:: Records for processing ::
------------------------------------------------------------------------

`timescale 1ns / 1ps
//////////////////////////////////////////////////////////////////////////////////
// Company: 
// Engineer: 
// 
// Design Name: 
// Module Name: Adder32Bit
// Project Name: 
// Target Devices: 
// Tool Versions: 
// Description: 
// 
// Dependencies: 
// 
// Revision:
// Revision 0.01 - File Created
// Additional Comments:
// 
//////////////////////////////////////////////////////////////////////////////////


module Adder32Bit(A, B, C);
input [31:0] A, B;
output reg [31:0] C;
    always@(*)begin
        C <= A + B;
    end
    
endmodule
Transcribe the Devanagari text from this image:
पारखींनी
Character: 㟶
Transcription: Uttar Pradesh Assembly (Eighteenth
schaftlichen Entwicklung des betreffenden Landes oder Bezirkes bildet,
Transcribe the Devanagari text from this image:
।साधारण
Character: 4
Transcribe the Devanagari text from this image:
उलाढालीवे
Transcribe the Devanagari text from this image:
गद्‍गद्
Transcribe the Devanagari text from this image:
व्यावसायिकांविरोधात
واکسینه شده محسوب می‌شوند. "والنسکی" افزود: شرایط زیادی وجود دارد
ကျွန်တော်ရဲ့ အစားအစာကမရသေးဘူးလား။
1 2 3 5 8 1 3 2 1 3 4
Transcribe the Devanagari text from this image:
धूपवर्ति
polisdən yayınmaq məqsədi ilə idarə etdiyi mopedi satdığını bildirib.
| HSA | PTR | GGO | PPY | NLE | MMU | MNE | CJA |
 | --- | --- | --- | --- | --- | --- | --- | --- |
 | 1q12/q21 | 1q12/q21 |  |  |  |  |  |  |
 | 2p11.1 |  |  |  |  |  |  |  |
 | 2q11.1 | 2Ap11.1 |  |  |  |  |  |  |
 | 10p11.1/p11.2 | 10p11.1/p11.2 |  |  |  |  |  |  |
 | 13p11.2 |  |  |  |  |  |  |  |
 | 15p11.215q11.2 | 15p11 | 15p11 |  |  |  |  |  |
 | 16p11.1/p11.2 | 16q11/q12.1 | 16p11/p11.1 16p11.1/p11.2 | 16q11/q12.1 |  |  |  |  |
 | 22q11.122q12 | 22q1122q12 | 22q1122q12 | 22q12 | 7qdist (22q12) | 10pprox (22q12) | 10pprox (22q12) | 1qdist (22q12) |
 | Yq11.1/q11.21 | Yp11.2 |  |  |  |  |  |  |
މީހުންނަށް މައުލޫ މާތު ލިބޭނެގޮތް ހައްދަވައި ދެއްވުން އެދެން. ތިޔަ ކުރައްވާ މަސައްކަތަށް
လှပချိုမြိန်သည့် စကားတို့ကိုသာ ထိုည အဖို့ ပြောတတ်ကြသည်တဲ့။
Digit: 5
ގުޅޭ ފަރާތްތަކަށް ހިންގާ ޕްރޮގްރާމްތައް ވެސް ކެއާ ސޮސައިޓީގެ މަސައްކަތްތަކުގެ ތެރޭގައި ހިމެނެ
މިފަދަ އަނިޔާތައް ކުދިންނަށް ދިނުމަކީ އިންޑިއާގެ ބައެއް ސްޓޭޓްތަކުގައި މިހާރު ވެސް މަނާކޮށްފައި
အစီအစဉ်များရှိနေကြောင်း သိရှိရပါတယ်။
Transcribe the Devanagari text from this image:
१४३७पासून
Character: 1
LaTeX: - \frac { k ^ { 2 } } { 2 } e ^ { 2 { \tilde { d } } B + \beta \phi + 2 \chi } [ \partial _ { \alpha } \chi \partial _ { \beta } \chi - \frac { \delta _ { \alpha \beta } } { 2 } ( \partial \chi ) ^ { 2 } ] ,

------------------------------------------------------------------------

:: What is needed ::
Transcribe exactly, and only, the lines from the one bearing "Transcription: Uttar Pradesh" through the last line of the entries, counting both.

:: Answer space ::
Transcription: Uttar Pradesh Assembly (Eighteenth
schaftlichen Entwicklung des betreffenden Landes oder Bezirkes bildet,
Transcribe the Devanagari text from this image:
।साधारण
Character: 4
Transcribe the Devanagari text from this image:
उलाढालीवे
Transcribe the Devanagari text from this image:
गद्‍गद्
Transcribe the Devanagari text from this image:
व्यावसायिकांविरोधात
واکسینه شده محسوب می‌شوند. "والنسکی" افزود: شرایط زیادی وجود دارد
ကျွန်တော်ရဲ့ အစားအစာကမရသေးဘူးလား။
1 2 3 5 8 1 3 2 1 3 4
Transcribe the Devanagari text from this image:
धूपवर्ति
polisdən yayınmaq məqsədi ilə idarə etdiyi mopedi satdığını bildirib.
| HSA | PTR | GGO | PPY | NLE | MMU | MNE | CJA |
 | --- | --- | --- | --- | --- | --- | --- | --- |
 | 1q12/q21 | 1q12/q21 |  |  |  |  |  |  |
 | 2p11.1 |  |  |  |  |  |  |  |
 | 2q11.1 | 2Ap11.1 |  |  |  |  |  |  |
 | 10p11.1/p11.2 | 10p11.1/p11.2 |  |  |  |  |  |  |
 | 13p11.2 |  |  |  |  |  |  |  |
 | 15p11.215q11.2 | 15p11 | 15p11 |  |  |  |  |  |
 | 16p11.1/p11.2 | 16q11/q12.1 | 16p11/p11.1 16p11.1/p11.2 | 16q11/q12.1 |  |  |  |  |
 | 22q11.122q12 | 22q1122q12 | 22q1122q12 | 22q12 | 7qdist (22q12) | 10pprox (22q12) | 10pprox (22q12) | 1qdist (22q12) |
 | Yq11.1/q11.21 | Yp11.2 |  |  |  |  |  |  |
މީހުންނަށް މައުލޫ މާތު ލިބޭނެގޮތް ހައްދަވައި ދެއްވުން އެދެން. ތިޔަ ކުރައްވާ މަސައްކަތަށް
လှပချိုမြိန်သည့် စကားတို့ကိုသာ ထိုည အဖို့ ပြောတတ်ကြသည်တဲ့။
Digit: 5
ގުޅޭ ފަރާތްތަކަށް ހިންގާ ޕްރޮގްރާމްތައް ވެސް ކެއާ ސޮސައިޓީގެ މަސައްކަތްތަކުގެ ތެރޭގައި ހިމެނެ
މިފަދަ އަނިޔާތައް ކުދިންނަށް ދިނުމަކީ އިންޑިއާގެ ބައެއް ސްޓޭޓްތަކުގައި މިހާރު ވެސް މަނާކޮށްފައި
အစီအစဉ်များရှိနေကြောင်း သိရှိရပါတယ်။
Transcribe the Devanagari text from this image:
१४३७पासून
Character: 1
LaTeX: - \frac { k ^ { 2 } } { 2 } e ^ { 2 { \tilde { d } } B + \beta \phi + 2 \chi } [ \partial _ { \alpha } \chi \partial _ { \beta } \chi - \frac { \delta _ { \alpha \beta } } { 2 } ( \partial \chi ) ^ { 2 } ] ,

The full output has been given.